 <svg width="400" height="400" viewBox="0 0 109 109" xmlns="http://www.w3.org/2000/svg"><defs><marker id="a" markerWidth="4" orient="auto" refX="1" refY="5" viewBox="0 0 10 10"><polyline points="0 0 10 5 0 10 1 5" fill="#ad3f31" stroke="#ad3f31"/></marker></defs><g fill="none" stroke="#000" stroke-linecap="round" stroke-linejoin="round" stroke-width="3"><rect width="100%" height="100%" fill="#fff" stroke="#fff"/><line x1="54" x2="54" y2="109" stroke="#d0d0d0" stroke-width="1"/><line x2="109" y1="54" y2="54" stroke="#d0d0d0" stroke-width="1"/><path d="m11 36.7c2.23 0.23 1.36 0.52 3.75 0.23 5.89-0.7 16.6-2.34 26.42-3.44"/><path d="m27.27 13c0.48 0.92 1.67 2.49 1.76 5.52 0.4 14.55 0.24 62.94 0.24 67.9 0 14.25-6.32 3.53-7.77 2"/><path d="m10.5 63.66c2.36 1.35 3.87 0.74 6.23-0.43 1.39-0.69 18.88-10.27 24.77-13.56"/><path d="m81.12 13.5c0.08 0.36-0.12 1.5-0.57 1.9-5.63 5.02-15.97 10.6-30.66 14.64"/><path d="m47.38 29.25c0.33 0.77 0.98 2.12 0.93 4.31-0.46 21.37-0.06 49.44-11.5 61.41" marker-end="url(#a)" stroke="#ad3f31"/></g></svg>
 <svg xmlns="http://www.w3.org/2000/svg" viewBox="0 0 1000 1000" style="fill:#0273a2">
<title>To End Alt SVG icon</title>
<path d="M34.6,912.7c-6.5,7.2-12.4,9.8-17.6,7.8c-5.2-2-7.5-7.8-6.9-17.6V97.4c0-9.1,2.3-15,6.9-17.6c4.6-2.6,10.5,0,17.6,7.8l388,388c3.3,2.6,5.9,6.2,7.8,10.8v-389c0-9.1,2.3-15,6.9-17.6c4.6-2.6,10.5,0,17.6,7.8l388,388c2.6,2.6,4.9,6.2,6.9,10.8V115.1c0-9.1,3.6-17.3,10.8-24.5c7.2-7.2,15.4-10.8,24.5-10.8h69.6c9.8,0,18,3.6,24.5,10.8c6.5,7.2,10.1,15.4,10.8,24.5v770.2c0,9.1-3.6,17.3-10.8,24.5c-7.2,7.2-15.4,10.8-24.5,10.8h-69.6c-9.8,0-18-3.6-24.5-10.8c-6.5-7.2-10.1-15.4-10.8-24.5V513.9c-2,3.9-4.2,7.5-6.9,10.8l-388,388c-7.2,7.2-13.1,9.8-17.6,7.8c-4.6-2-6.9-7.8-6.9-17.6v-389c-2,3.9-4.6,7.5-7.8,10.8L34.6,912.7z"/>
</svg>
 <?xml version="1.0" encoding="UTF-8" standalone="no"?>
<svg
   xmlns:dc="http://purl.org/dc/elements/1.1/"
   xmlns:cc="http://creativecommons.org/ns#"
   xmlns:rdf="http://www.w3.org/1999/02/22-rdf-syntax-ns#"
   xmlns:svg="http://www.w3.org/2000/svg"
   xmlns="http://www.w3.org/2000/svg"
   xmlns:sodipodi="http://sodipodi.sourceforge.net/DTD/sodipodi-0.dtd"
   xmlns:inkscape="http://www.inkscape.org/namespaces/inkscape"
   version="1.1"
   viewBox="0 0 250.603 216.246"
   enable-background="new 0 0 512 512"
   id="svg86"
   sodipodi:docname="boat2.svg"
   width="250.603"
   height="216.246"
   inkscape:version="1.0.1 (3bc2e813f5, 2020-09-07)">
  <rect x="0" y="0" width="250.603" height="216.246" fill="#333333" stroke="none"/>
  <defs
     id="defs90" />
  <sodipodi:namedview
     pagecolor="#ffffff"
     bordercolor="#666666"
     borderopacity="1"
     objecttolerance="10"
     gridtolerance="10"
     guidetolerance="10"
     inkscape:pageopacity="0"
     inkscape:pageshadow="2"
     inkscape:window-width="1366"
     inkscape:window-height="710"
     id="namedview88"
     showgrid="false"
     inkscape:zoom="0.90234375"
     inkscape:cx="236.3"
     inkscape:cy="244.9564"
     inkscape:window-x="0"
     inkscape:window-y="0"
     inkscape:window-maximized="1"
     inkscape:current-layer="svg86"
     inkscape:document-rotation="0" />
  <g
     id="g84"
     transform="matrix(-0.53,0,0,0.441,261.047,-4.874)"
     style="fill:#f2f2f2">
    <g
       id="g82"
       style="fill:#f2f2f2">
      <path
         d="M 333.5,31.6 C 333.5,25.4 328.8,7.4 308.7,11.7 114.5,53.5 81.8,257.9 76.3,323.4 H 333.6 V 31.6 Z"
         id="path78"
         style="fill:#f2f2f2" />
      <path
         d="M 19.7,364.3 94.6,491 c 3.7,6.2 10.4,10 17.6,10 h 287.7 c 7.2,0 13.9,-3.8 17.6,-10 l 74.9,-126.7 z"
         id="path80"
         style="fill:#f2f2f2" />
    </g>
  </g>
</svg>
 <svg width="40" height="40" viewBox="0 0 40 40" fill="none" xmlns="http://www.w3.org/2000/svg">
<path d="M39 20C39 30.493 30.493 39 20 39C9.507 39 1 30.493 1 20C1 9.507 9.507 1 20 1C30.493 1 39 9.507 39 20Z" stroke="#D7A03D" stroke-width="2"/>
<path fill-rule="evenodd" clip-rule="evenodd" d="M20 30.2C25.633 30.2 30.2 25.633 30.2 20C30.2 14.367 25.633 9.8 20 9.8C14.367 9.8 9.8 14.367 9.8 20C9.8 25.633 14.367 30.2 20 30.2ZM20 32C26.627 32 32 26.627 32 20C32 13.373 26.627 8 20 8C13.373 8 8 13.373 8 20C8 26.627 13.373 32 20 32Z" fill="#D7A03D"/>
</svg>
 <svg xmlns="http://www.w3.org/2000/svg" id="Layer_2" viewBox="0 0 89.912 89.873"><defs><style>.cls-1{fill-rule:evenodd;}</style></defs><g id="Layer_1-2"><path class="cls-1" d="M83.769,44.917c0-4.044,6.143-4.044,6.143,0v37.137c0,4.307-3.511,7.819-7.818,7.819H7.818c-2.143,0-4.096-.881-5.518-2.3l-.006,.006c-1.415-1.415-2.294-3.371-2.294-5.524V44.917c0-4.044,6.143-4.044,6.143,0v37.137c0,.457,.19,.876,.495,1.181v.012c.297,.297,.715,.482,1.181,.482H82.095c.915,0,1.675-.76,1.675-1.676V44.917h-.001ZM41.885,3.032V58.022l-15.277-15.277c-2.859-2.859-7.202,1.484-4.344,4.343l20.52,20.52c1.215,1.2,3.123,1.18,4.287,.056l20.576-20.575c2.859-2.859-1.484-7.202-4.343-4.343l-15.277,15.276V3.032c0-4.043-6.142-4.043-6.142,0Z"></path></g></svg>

> [PROBLEM REQUIREMENTS]: The whole listing is needed again, word for word.

> [RESPONSE]:
 <svg width="400" height="400" viewBox="0 0 109 109" xmlns="http://www.w3.org/2000/svg"><defs><marker id="a" markerWidth="4" orient="auto" refX="1" refY="5" viewBox="0 0 10 10"><polyline points="0 0 10 5 0 10 1 5" fill="#ad3f31" stroke="#ad3f31"/></marker></defs><g fill="none" stroke="#000" stroke-linecap="round" stroke-linejoin="round" stroke-width="3"><rect width="100%" height="100%" fill="#fff" stroke="#fff"/><line x1="54" x2="54" y2="109" stroke="#d0d0d0" stroke-width="1"/><line x2="109" y1="54" y2="54" stroke="#d0d0d0" stroke-width="1"/><path d="m11 36.7c2.23 0.23 1.36 0.52 3.75 0.23 5.89-0.7 16.6-2.34 26.42-3.44"/><path d="m27.27 13c0.48 0.92 1.67 2.49 1.76 5.52 0.4 14.55 0.24 62.94 0.24 67.9 0 14.25-6.32 3.53-7.77 2"/><path d="m10.5 63.66c2.36 1.35 3.87 0.74 6.23-0.43 1.39-0.69 18.88-10.27 24.77-13.56"/><path d="m81.12 13.5c0.08 0.36-0.12 1.5-0.57 1.9-5.63 5.02-15.97 10.6-30.66 14.64"/><path d="m47.38 29.25c0.33 0.77 0.98 2.12 0.93 4.31-0.46 21.37-0.06 49.44-11.5 61.41" marker-end="url(#a)" stroke="#ad3f31"/></g></svg>
 <svg xmlns="http://www.w3.org/2000/svg" viewBox="0 0 1000 1000" style="fill:#0273a2">
<title>To End Alt SVG icon</title>
<path d="M34.6,912.7c-6.5,7.2-12.4,9.8-17.6,7.8c-5.2-2-7.5-7.8-6.9-17.6V97.4c0-9.1,2.3-15,6.9-17.6c4.6-2.6,10.5,0,17.6,7.8l388,388c3.3,2.6,5.9,6.2,7.8,10.8v-389c0-9.1,2.3-15,6.9-17.6c4.6-2.6,10.5,0,17.6,7.8l388,388c2.6,2.6,4.9,6.2,6.9,10.8V115.1c0-9.1,3.6-17.3,10.8-24.5c7.2-7.2,15.4-10.8,24.5-10.8h69.6c9.8,0,18,3.6,24.5,10.8c6.5,7.2,10.1,15.4,10.8,24.5v770.2c0,9.1-3.6,17.3-10.8,24.5c-7.2,7.2-15.4,10.8-24.5,10.8h-69.6c-9.8,0-18-3.6-24.5-10.8c-6.5-7.2-10.1-15.4-10.8-24.5V513.9c-2,3.9-4.2,7.5-6.9,10.8l-388,388c-7.2,7.2-13.1,9.8-17.6,7.8c-4.6-2-6.9-7.8-6.9-17.6v-389c-2,3.9-4.6,7.5-7.8,10.8L34.6,912.7z"/>
</svg>
 <?xml version="1.0" encoding="UTF-8" standalone="no"?>
<svg
   xmlns:dc="http://purl.org/dc/elements/1.1/"
   xmlns:cc="http://creativecommons.org/ns#"
   xmlns:rdf="http://www.w3.org/1999/02/22-rdf-syntax-ns#"
   xmlns:svg="http://www.w3.org/2000/svg"
   xmlns="http://www.w3.org/2000/svg"
   xmlns:sodipodi="http://sodipodi.sourceforge.net/DTD/sodipodi-0.dtd"
   xmlns:inkscape="http://www.inkscape.org/namespaces/inkscape"
   version="1.1"
   viewBox="0 0 250.603 216.246"
   enable-background="new 0 0 512 512"
   id="svg86"
   sodipodi:docname="boat2.svg"
   width="250.603"
   height="216.246"
   inkscape:version="1.0.1 (3bc2e813f5, 2020-09-07)">
  <rect x="0" y="0" width="250.603" height="216.246" fill="#333333" stroke="none"/>
  <defs
     id="defs90" />
  <sodipodi:namedview
     pagecolor="#ffffff"
     bordercolor="#666666"
     borderopacity="1"
     objecttolerance="10"
     gridtolerance="10"
     guidetolerance="10"
     inkscape:pageopacity="0"
     inkscape:pageshadow="2"
     inkscape:window-width="1366"
     inkscape:window-height="710"
     id="namedview88"
     showgrid="false"
     inkscape:zoom="0.90234375"
     inkscape:cx="236.3"
     inkscape:cy="244.9564"
     inkscape:window-x="0"
     inkscape:window-y="0"
     inkscape:window-maximized="1"
     inkscape:current-layer="svg86"
     inkscape:document-rotation="0" />
  <g
     id="g84"
     transform="matrix(-0.53,0,0,0.441,261.047,-4.874)"
     style="fill:#f2f2f2">
    <g
       id="g82"
       style="fill:#f2f2f2">
      <path
         d="M 333.5,31.6 C 333.5,25.4 328.8,7.4 308.7,11.7 114.5,53.5 81.8,257.9 76.3,323.4 H 333.6 V 31.6 Z"
         id="path78"
         style="fill:#f2f2f2" />
      <path
         d="M 19.7,364.3 94.6,491 c 3.7,6.2 10.4,10 17.6,10 h 287.7 c 7.2,0 13.9,-3.8 17.6,-10 l 74.9,-126.7 z"
         id="path80"
         style="fill:#f2f2f2" />
    </g>
  </g>
</svg>
 <svg width="40" height="40" viewBox="0 0 40 40" fill="none" xmlns="http://www.w3.org/2000/svg">
<path d="M39 20C39 30.493 30.493 39 20 39C9.507 39 1 30.493 1 20C1 9.507 9.507 1 20 1C30.493 1 39 9.507 39 20Z" stroke="#D7A03D" stroke-width="2"/>
<path fill-rule="evenodd" clip-rule="evenodd" d="M20 30.2C25.633 30.2 30.2 25.633 30.2 20C30.2 14.367 25.633 9.8 20 9.8C14.367 9.8 9.8 14.367 9.8 20C9.8 25.633 14.367 30.2 20 30.2ZM20 32C26.627 32 32 26.627 32 20C32 13.373 26.627 8 20 8C13.373 8 8 13.373 8 20C8 26.627 13.373 32 20 32Z" fill="#D7A03D"/>
</svg>
 <svg xmlns="http://www.w3.org/2000/svg" id="Layer_2" viewBox="0 0 89.912 89.873"><defs><style>.cls-1{fill-rule:evenodd;}</style></defs><g id="Layer_1-2"><path class="cls-1" d="M83.769,44.917c0-4.044,6.143-4.044,6.143,0v37.137c0,4.307-3.511,7.819-7.818,7.819H7.818c-2.143,0-4.096-.881-5.518-2.3l-.006,.006c-1.415-1.415-2.294-3.371-2.294-5.524V44.917c0-4.044,6.143-4.044,6.143,0v37.137c0,.457,.19,.876,.495,1.181v.012c.297,.297,.715,.482,1.181,.482H82.095c.915,0,1.675-.76,1.675-1.676V44.917h-.001ZM41.885,3.032V58.022l-15.277-15.277c-2.859-2.859-7.202,1.484-4.344,4.343l20.52,20.52c1.215,1.2,3.123,1.18,4.287,.056l20.576-20.575c2.859-2.859-1.484-7.202-4.343-4.343l-15.277,15.276V3.032c0-4.043-6.142-4.043-6.142,0Z"></path></g></svg>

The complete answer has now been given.